Looking at key details, falling home prices and inventory accumulation have emerged as two major warning signs. The median sales price of new homes dropped to $400,500, marking not only a 4.5% month-over-month decrease but also a 6.8% year-over-year decline, setting a recent low. At the same time, due to a slowdown in destocking, the supply timeline of new home inventory surged significantly to 9.7 months, the highest level since October 2022. In terms of regional performance, sales in all four major US regions suffered across-the-board declines, with the Northeast and Midwest hit the hardest, experiencing monthly plunges of 44.7% and 33.9%, respectively.
Exploring the main causes of this sharp sales decline, analyses by institutions such as Realtor.com and Zillow pointed out that although the 30-year fixed mortgage rate had fallen to a three-year low of 6.11%, potential buyers did not enter the market as expected. On the one hand, parts of the US experienced severe winter storms in January, heavily disrupting physical home viewings and signing activities; on the other hand, consumers' mounting anxiety regarding the economic outlook and job stability shifted homebuyers toward a wait-and-see attitude, offsetting the incentives brought by declining interest rates and builder concessions.

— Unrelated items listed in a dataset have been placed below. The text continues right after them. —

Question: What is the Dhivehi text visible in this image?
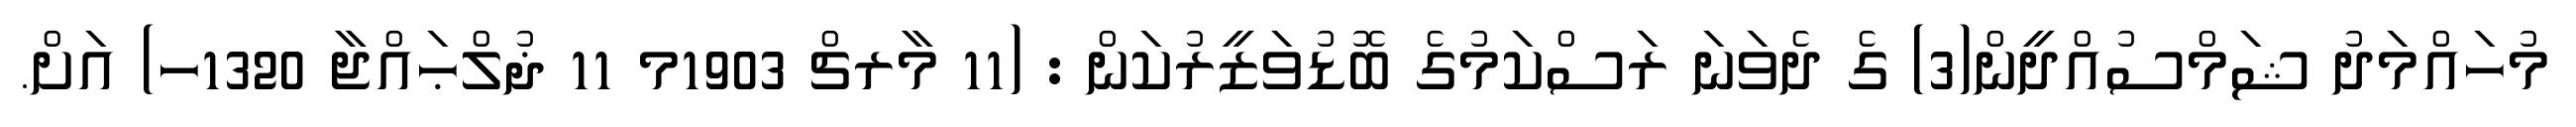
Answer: މުހައްމަދު ޝަމްސުއްދީން(3) ގެ ދެވަނަ ރަސްކަމުގެ ބޮޑުވަޒީރުކަން : (11 މާރޗް 1903މ 11 ޛުލްޙައްޖާ 1320ހ) އަށް.
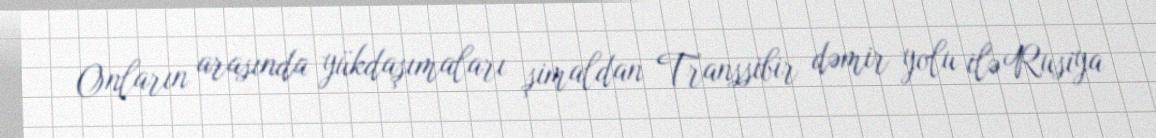
Onların arasında yükdaşımaları şimaldan Transsibir dəmir yolu ilə Rusiya
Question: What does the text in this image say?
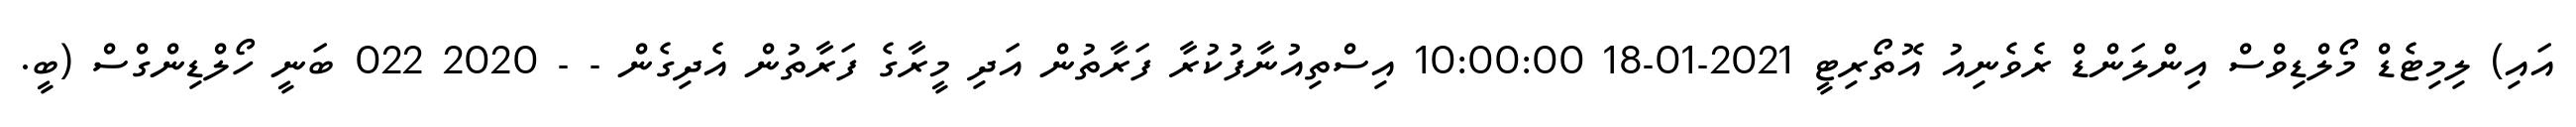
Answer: އައި) ލިމިޓެޑް މޯލްޑިވްސް އިންލަންޑް ރެވެނިއު އޮތޯރިޓީ 2021-01-18 10:00:00 އިސްތިއުނާފުކުރާ ފަރާތުން އަދި މީރާގެ ފަރާތުން އެދިގެން - - 2020 022 ބަނީ ހޯލްޑިންގްސް (ބީ.
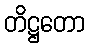
တိဋ္ဌတော
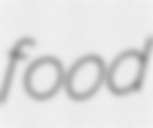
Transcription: food
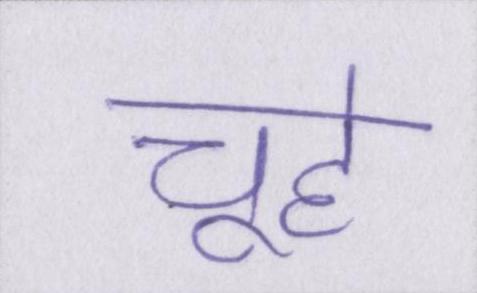
चूहे
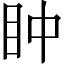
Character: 𥄡
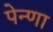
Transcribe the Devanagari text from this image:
पेन्णा
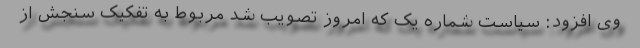
وی افزود: سیاست شماره یک که امروز تصویب شد مربوط به تفکیک سنجش از
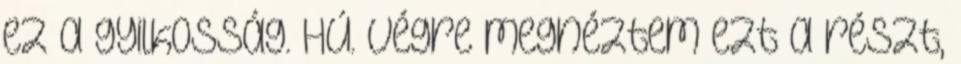
ez a gyilkosság. Hú. Végre megnéztem ezt a részt,
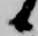
候
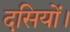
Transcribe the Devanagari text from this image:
दसियों।
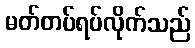
မတ်တပ်ရပ်လိုက်သည်
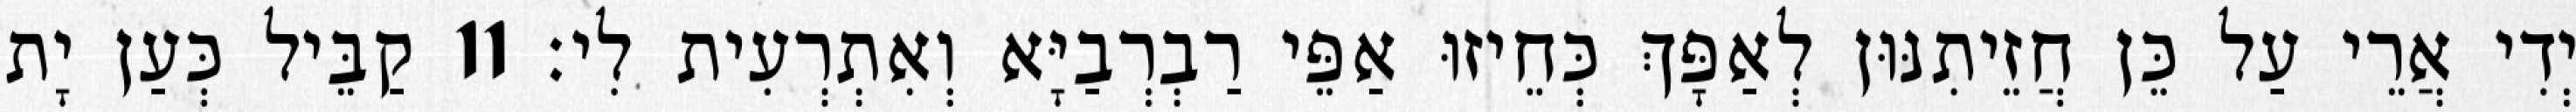
יְדִי אֲרֵי עַל כֵּן חֲזֵיתִנּוּן לְאַפָּךְ כְּחֵיזוּ אַפֵּי רַבְרְבַיָּא וְאִתְרְעִית לִי׃ 11 קַבֵּיל כְּעַן יָת
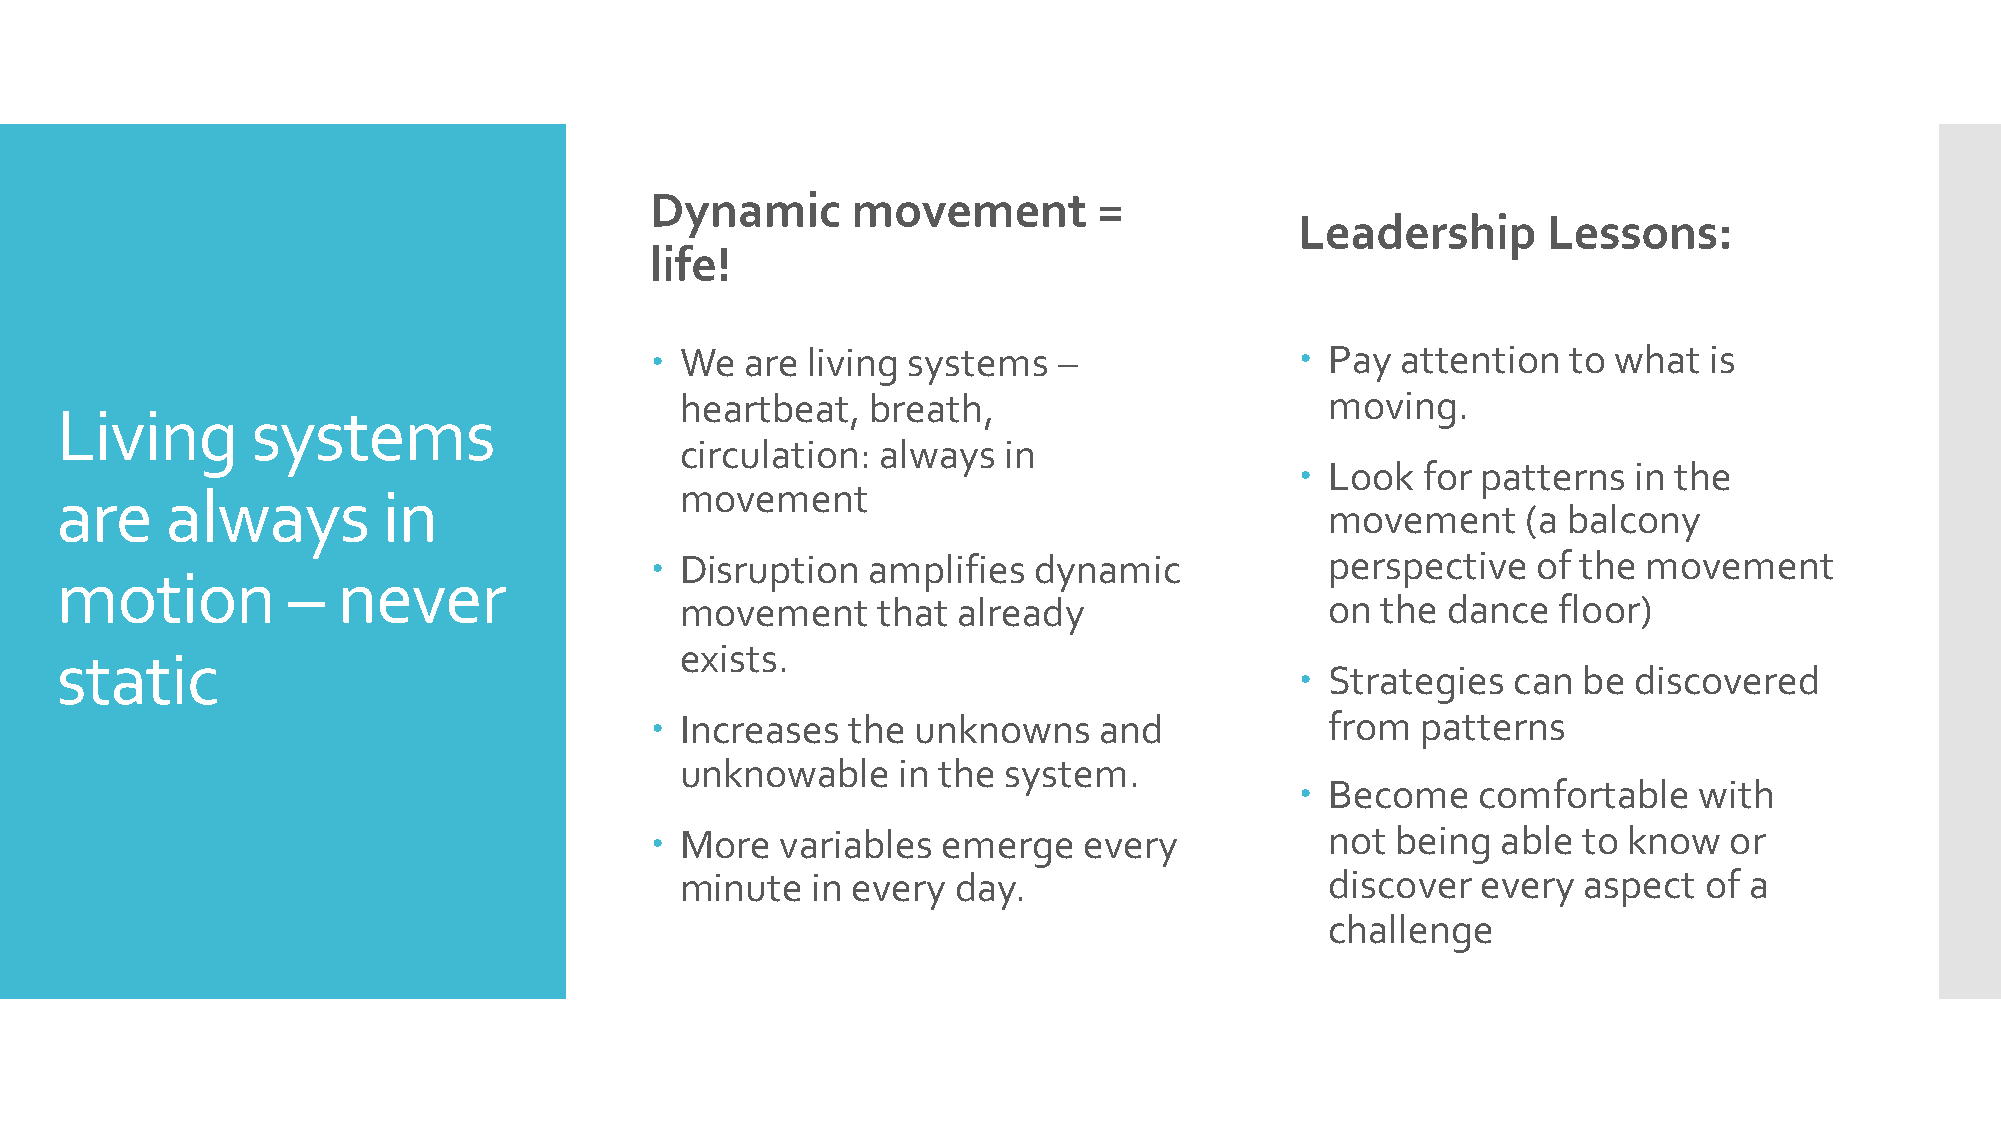
Dynamic      movement         =
 Leadership      Lessons:
 life!
  We  are living systems   –                Pay  attention  to what  is
 heartbeat,   breath,                       moving.
 Living       systems
 circulation: always  in
  Look  for patterns  in the
 are    always        in                  movement
 movement     (a balcony
  Disruption  amplifies  dynamic             perspective   of the movement
 motion         –  never
 movement     that already                  on the  dance  floor)
 exists.
 static
  Strategies  can  be discovered
  Increases  the  unknowns    and            from  patterns
 unknowable    in the system.
  Become    comfortable   with
  More   variables emerge    every           not being  able  to know  or
 minute   in every day.                     discover  every  aspect  of a
 challenge
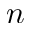
n
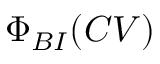
\Phi _ { B I } ( C V )
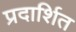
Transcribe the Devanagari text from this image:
प्रदार्शित
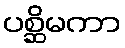
ပစ္ဆိမကာ
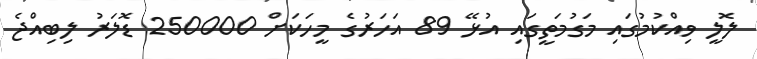
ލޮލީ ވިއްކުމުގައި މަގުމަތީގައި އުޅޭ 89 އަހަރުގެ މީހަކަށް 250000 ޑޮލަރު ލިބިއްޖެ
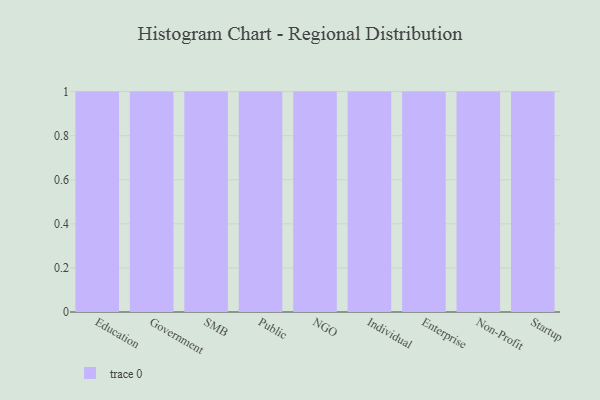
{"axis": {"x": "Segment", "y": "Operating Costs (USD K)"}, "legend": [""], "data": [{"x": "Education", "y": 38, "type": ""}, {"x": "Government", "y": 69, "type": ""}, {"x": "SMB", "y": 47, "type": ""}, {"x": "Public", "y": 61, "type": ""}, {"x": "NGO", "y": 94, "type": ""}, {"x": "Individual", "y": 95, "type": ""}, {"x": "Enterprise", "y": 18, "type": ""}, {"x": "Non-Profit", "y": 82, "type": ""}, {"x": "Startup", "y": 54, "type": ""}]}
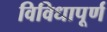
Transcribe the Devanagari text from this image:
विविधापूर्ण
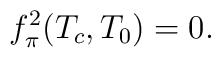
f_{\pi}^{2}(T_{c},T_{0})=0.
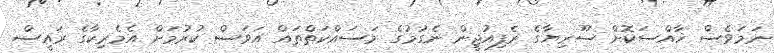
ނަމަވެސް ޚާއްސަކޮށް ސޫރިޔާގެ ރެފިއުޖީން ނެގުމުގެ މަސައްކަތްތައް އަވަސް ކުރުމަށް އެމެރިކާގެ ރައީސް
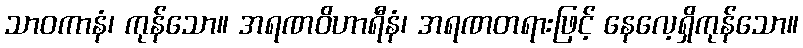
သာဝကာနံ၊ ကုန်သော။ အရဏဝိဟာရီနံ၊ အရဏတရားဖြင့် နေလေ့ရှိကုန်သော။
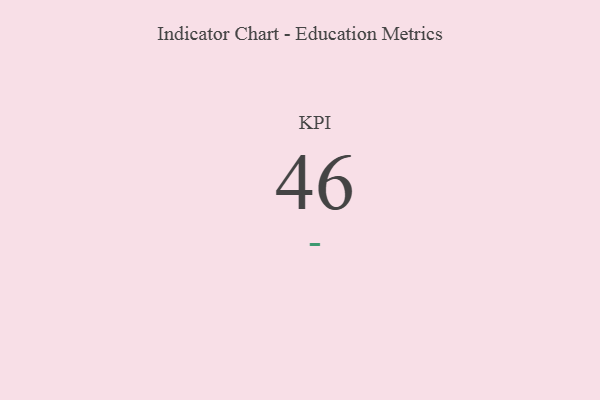
{"axis": {"x": "KPI", "y": "Value"}, "legend": [""], "data": [{"x": "KPI", "y": 46, "type": ""}]}
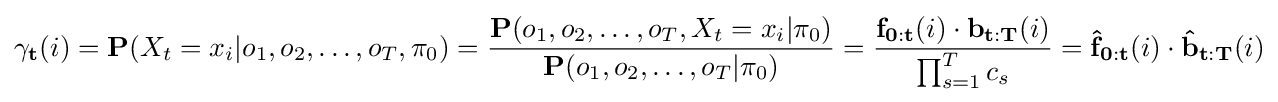
\mathbf {\gamma _{t}} (i)=\mathbf {P} (X_{t}=x_{i}|o_{1},o_{2},\dots ,o_{T},\mathbf {\pi } _{0})={\frac {\mathbf {P} (o_{1},o_{2},\dots ,o_{T},X_{t}=x_{i}|\mathbf {\pi } _{0})}{\mathbf {P} (o_{1},o_{2},\dots ,o_{T}|\mathbf {\pi } _{0})}}={\frac {\mathbf {f_{0:t}} (i)\cdot \mathbf {b_{t:T}} (i)}{\prod _{s=1}^{T}c_{s}}}=\mathbf {{\hat {f}}_{0:t}} (i)\cdot \mathbf {{\hat {b}}_{t:T}} (i)
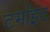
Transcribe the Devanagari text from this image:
टर्माइट
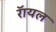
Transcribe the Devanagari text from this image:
रॅायल
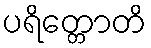
ပရိတ္တောတိ
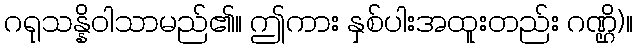
ဂရုသန္နိဝါသာမည်၏။ ဤကား နှစ်ပါးအထူးတည်း ဂဏ္ဌိ)။
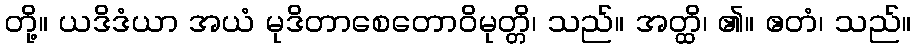
တို့။ ယဒိဒံယာ အယံ မုဒိတာစေတောဝိမုတ္တိ၊ သည်။ အတ္ထိ၊ ၏။ ဧတံ၊ သည်။
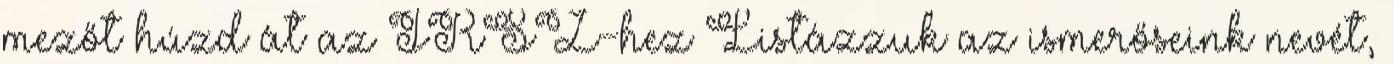
mezőt húzd át az IRSZ-hez Listázzuk az ismerőseink nevét,
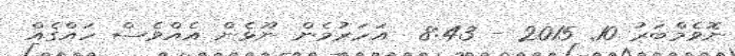
ނޮވެމްބަރު 10
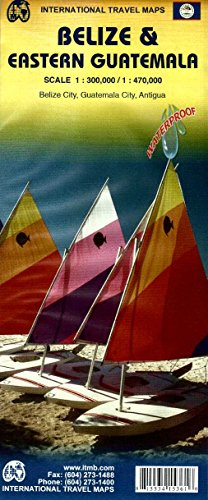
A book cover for Belize & Eastern Guatemala 1:300K/470K; Itmb Publishing LTD; Travel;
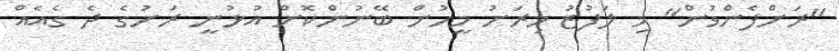
"ރަށްފެންވުން" މި ލަފުޒު މިރަށު މީހުން ބޭނުންކޮށް އުޅުނީ ރަށުގެ ދެ ގެއެއް
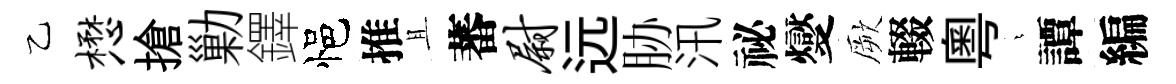
乙懋搶勦鐸悒推且蕃尉远胁汛祕燮厥輟粤燁譚編
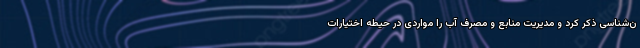
ن‌شناسی ذکر کرد و مدیریت منابع و مصرف آب را مواردی در حیطه اختیارات
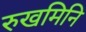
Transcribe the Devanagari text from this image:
रुखमिनि

Looking at the short term (1-2 months), as weather disruptions fade and home prices return to more reasonable levels, suppressed deferred buying demand is expected to return to the market during the spring sales season, with some analysts anticipating a rebound or upward revision in next month's sales data. However, looking further to the medium term (3-6 months), the housing market recovery still faces substantial tests. If inflation cooling falls short of expectations or geopolitical factors push up Treasury yields, causing mortgage rates to climb again, coupled with potential further softening of the overall labor market, new home buying sentiment may struggle to escape its slump. By then, the pressure on builders to clear inventory will continue to intensify.